When we went into lockdown, my friend Jason and I started looking for meat and
produce so we could eat healthier meals with our families - rather than my go-
to's Chef Boyardee ravioli and instant ramen - since it was already looking
like we'd be in it for the long haul. However, our delivery go-to's had
limited supply (I didn't want to go out because my parents are at-risk) and a
lot of meat/produce subscription box services had just started waitlisting, so
we started to look into farms and found some great ones that delivered
straight to our doors. Since I started buying meat from farms, I've had the
best meat I've ever had in my life.

When we realized that lots of people were probably in the same boat as us, we
wanted to share what helped us and started to put together a database of farms
that 1) have online stores 2) where you can get meat, produce, and/or dairy 3)
and deliver straight to your door.

We also have >30 filters for everything from the kind of
meat/produce/dairy/prepared good you're looking for to the breed, how it was
raised, where it was raised, diet, preparation method, etc.
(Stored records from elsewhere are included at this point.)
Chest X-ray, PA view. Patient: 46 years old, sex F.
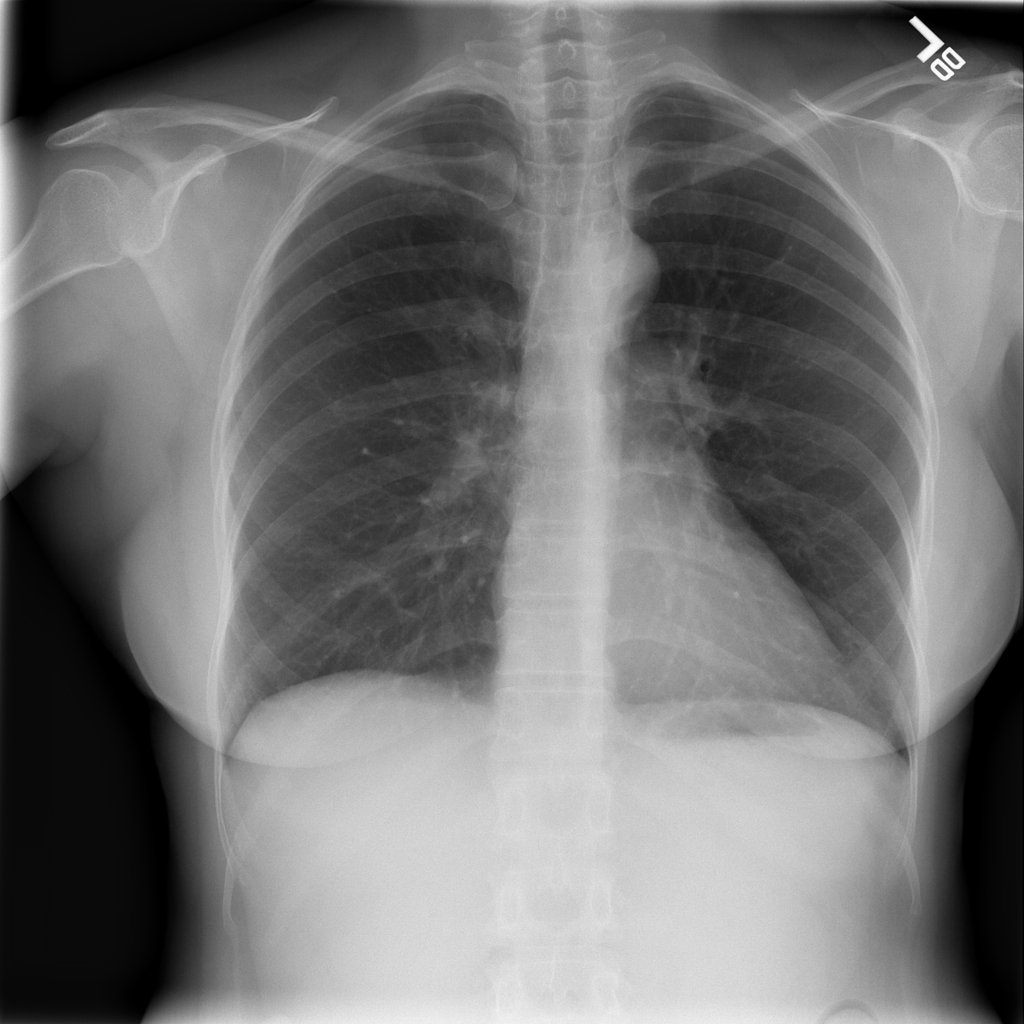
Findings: No Finding

You'll find some
interesting products trying out the filters: we had a lot of 2am cravings
adding farms that sell lamb raised on their mother's milk their entire lives
in the Rocky Mountains (I didn't even particularly like lamb - now I do),
forest-raised Manglitsa pork, and cave-aged raw milk cheeses.

------
nelsonenzo
Thank you for building this. I'm excited to make some purchased near me.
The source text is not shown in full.